Traceback (most recent call last):
  File "C:\Users\Asus\AppData\Local\Programs\Python\Python37\lib\multiprocessing\pool.py", line 121, in worker
    result = (True, func(*args, **kwds))
  File "C:\Users\Asus\AppData\Local\Programs\Python\Python37\lib\multiprocessing\pool.py", line 44, in mapstar
    return list(map(*args))
  File "c:\Users\Asus\Desktop\twitterscraper\examples\get_twitter_user_data.py", line 20, in get_user_info
    twitter_user_data["user"] = user_info.user
AttributeError: 'NoneType' object has no attribute 'user'
"""
user_data.py", line 53, in <module>
    main()
  File "c:/Users/Asus/Desktop/twitterscraper/examples/get_twitter_user_data.py", line 40, in main
    for user in pool.map(get_user_info,users):
  File "C:\Users\Asus\AppData\Local\Programs\Python\Python37\lib\multiprocessing\pool.py", line 268, in map
    return self._map_async(func, iterable, mapstar, chunksize).get()
  File "C:\Users\Asus\AppData\Local\Programs\Python\Python37\lib\multiprocessing\pool.py", line 657, in get
    raise self._value
AttributeError: 'NoneType' object has no attribute 'user'
erb13020 commented 4 years ago

@javad94

What exactly does this header list do?

HEADERS_LIST = [ 'Mozilla/5.0 (Windows; U; Windows NT 6.1; x64; fr; rv:1.9.2.13) Gecko/20101203 Firebird/3.6.13', 'Mozilla/5.0 (compatible, MSIE 11, Windows NT 6.3; Trident/7.0; rv:11.0) like Gecko', 'Mozilla/5.0 (Windows; U; Windows NT 6.1; rv:2.2) Gecko/20110201', 'Opera/9.80 (X11; Linux i686; Ubuntu/14.10) Presto/2.12.388 Version/12.16', 'Mozilla/5.0 (Windows NT 5.2; RW; rv:7.0a1) Gecko/20091211 SeaMonkey/9.23a1pre' ]

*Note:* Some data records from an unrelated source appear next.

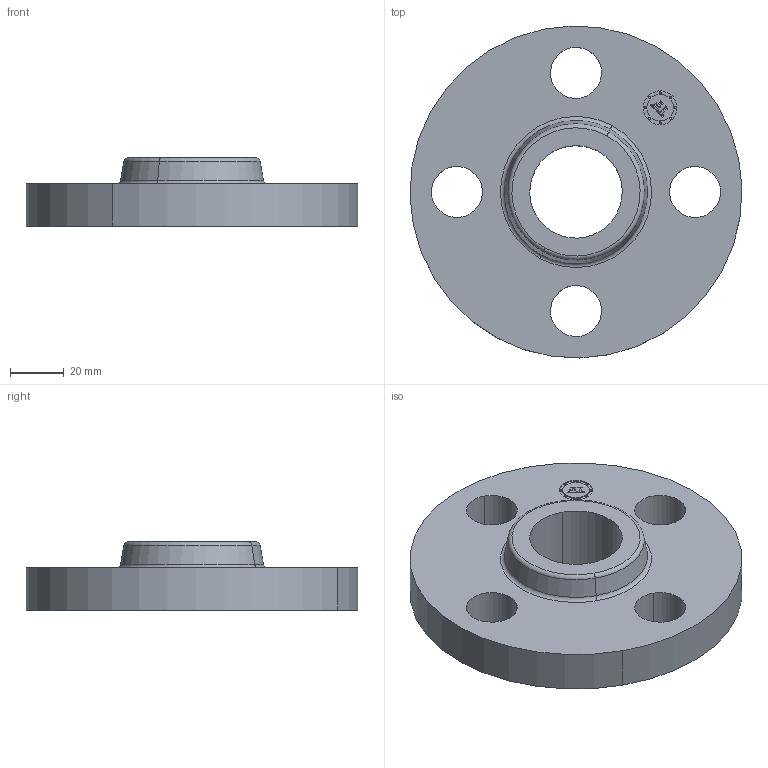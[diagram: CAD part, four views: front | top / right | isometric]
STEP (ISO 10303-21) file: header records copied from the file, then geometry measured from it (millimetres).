
FILE_DESCRIPTION(('3D STEP'),'2;1');
FILE_NAME('1-300-SLIP-ON-FF-FLANGE.stp','2013-01-27T03:19:08+00:00',('Texas Flange'),(''),'CATIA Version 5 Release 20 SP 6 (IN-10)','CATIA V5 STEP AP214','800-826-3801');
FILE_SCHEMA(('AUTOMOTIVE_DESIGN { 1 0 10303 214 1 1 1 1 }'));
Length unit declared in the file: inch
Products named in the file (1): 1-300-SLIP-ON-FF-FLANGE
Bounding box: 123.92 x 123.92 x 25.4 mm (x, y, z)
Volume: 168876.7 mm3; surface area: 33884.3 mm2
Topology: 1 solids, 1 shells, 407 faces, 1156 edges, 770 vertices
Faces by surface type: plane 369, cylinder 32, torus 4, cone 2
Entity records: 15391 total; most frequent: ORIENTED_EDGE 2312, CARTESIAN_POINT 2290, DIRECTION 1882, EDGE_CURVE 1156, VECTOR 1078, LINE 1078, VERTEX_POINT 770, AXIS2_PLACEMENT_3D 442

zhicheng0501 commented 4 years ago

@javad94

What exactly does this header list do?

HEADERS_LIST = [ 'Mozilla/5.0 (Windows; U; Windows NT 6.1; x64; fr; rv:1.9.2.13) Gecko/20101203 Firebird/3.6.13', 'Mozilla/5.0 (compatible, MSIE 11, Windows NT 6.3; Trident/7.0; rv:11.0) like Gecko', 'Mozilla/5.0 (Windows; U; Windows NT 6.1; rv:2.2) Gecko/20110201', 'Opera/9.80 (X11; Linux i686; Ubuntu/14.10) Presto/2.12.388 Version/12.16', 'Mozilla/5.0 (Windows NT 5.2; RW; rv:7.0a1) Gecko/20091211 SeaMonkey/9.23a1pre' ]

Creat random header list for sending request to the server. It lets the server see requests coming from different client,avoiding being blocked by the server.

MaximAbdulatif commented 4 years ago

Just did that, same error 😑

Seems Twitter has restricted the connection so that all requests return a page with "We've detected that JavaScript is disabled in your browser. Would you like to proceed to legacy Twitter?"

Indeed, this can be fixed by modifying the header dictionary in query.py from HEADER = {'User-Agent': random.choice(HEADERS_LIST)} to HEADER = {'User-Agent': random.choice(HEADERS_LIST), 'X-Requested-With': 'XMLHttpRequest'} that should fix the issue.